*Exercise:* An exact copy of the data below is needed; please leave out any pictures.
+ + + +
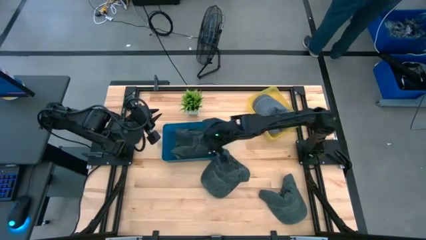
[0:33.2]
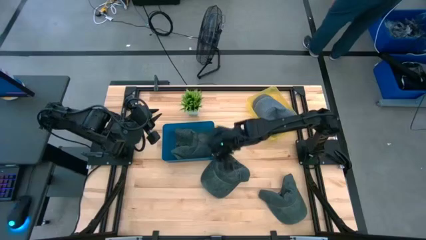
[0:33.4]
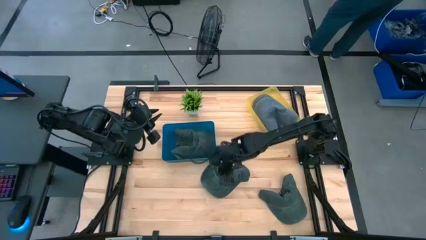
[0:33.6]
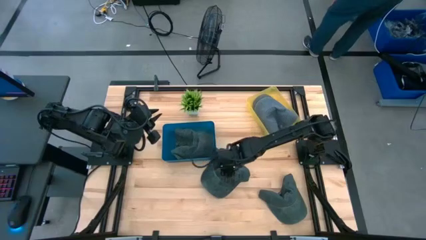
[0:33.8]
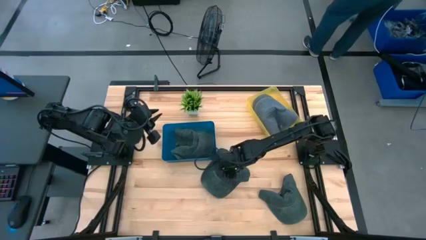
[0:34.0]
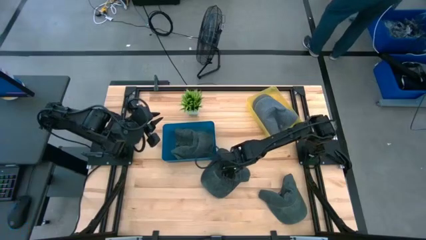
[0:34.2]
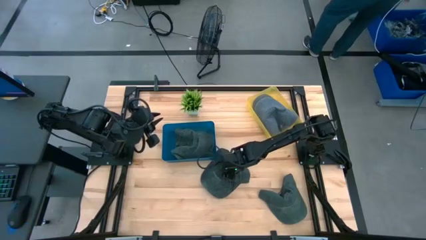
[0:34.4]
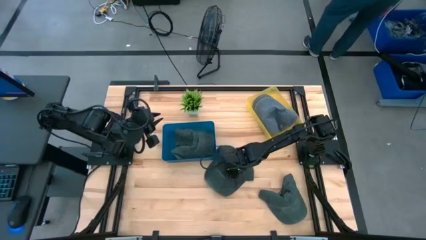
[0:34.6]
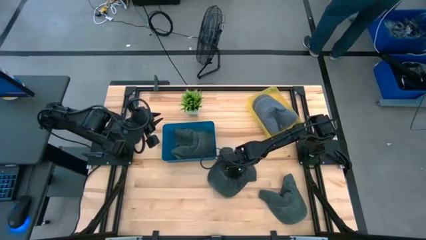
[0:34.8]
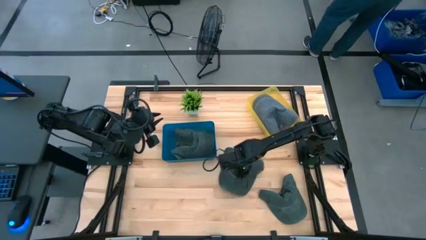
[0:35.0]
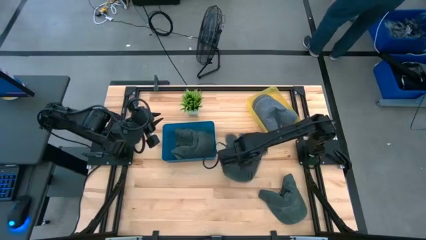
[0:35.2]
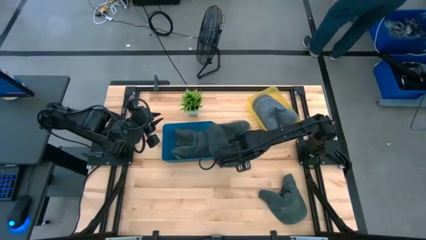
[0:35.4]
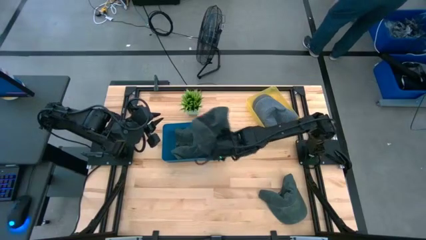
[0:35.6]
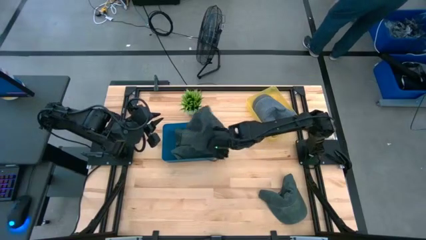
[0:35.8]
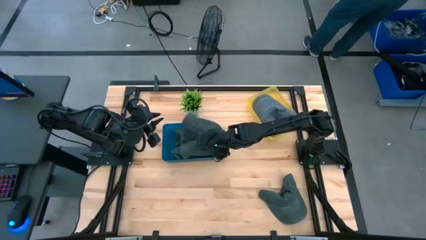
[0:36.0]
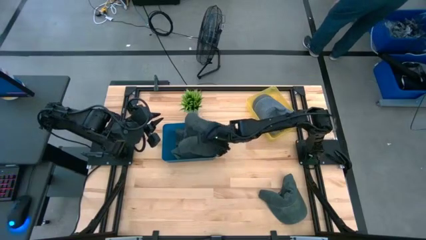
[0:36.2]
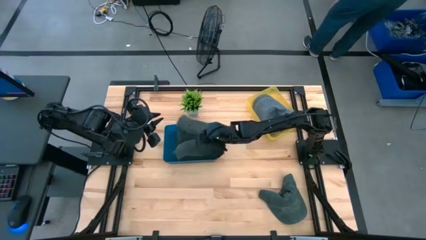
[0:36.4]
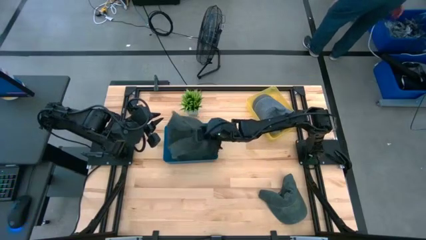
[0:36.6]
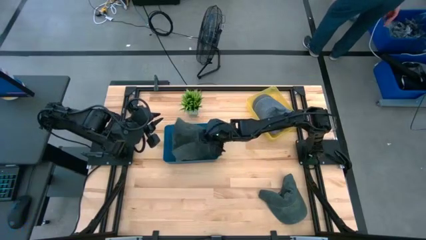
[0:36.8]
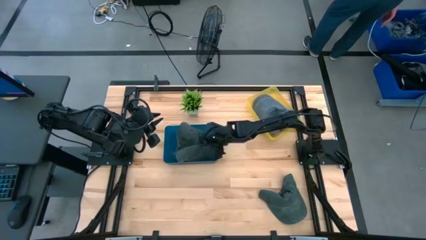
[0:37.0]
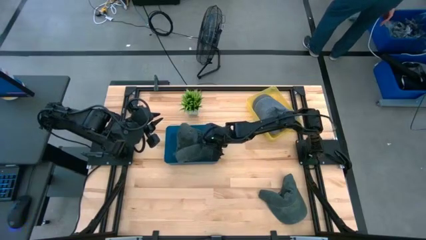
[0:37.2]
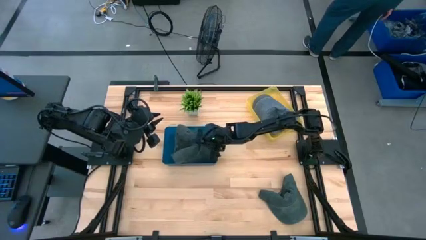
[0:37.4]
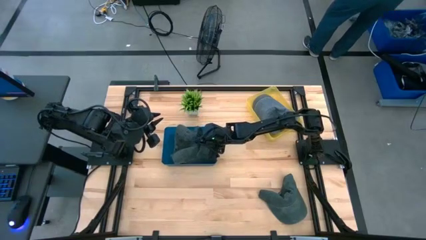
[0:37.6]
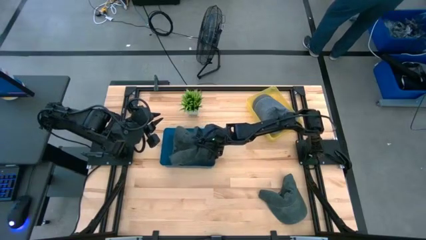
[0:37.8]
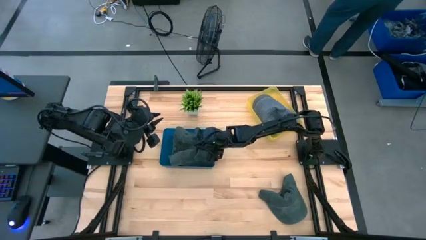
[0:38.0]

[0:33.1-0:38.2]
Task: Pick & Place hat
Put the left cap into the blue bin
+ + + +
*Problem solution:*
[0:33.2]
[0:33.4]
[0:33.6]
[0:33.8]
[0:34.0]
[0:34.2]
[0:34.4]
[0:34.6]
[0:34.8]
[0:35.0]
[0:35.2]
[0:35.4]
[0:35.6]
[0:35.8]
[0:36.0]
[0:36.2]
[0:36.4]
[0:36.6]
[0:36.8]
[0:37.0]
[0:37.2]
[0:37.4]
[0:37.6]
[0:37.8]
[0:38.0]

[0:33.1-0:38.2]
Task: Pick & Place hat
Put the left cap into the blue bin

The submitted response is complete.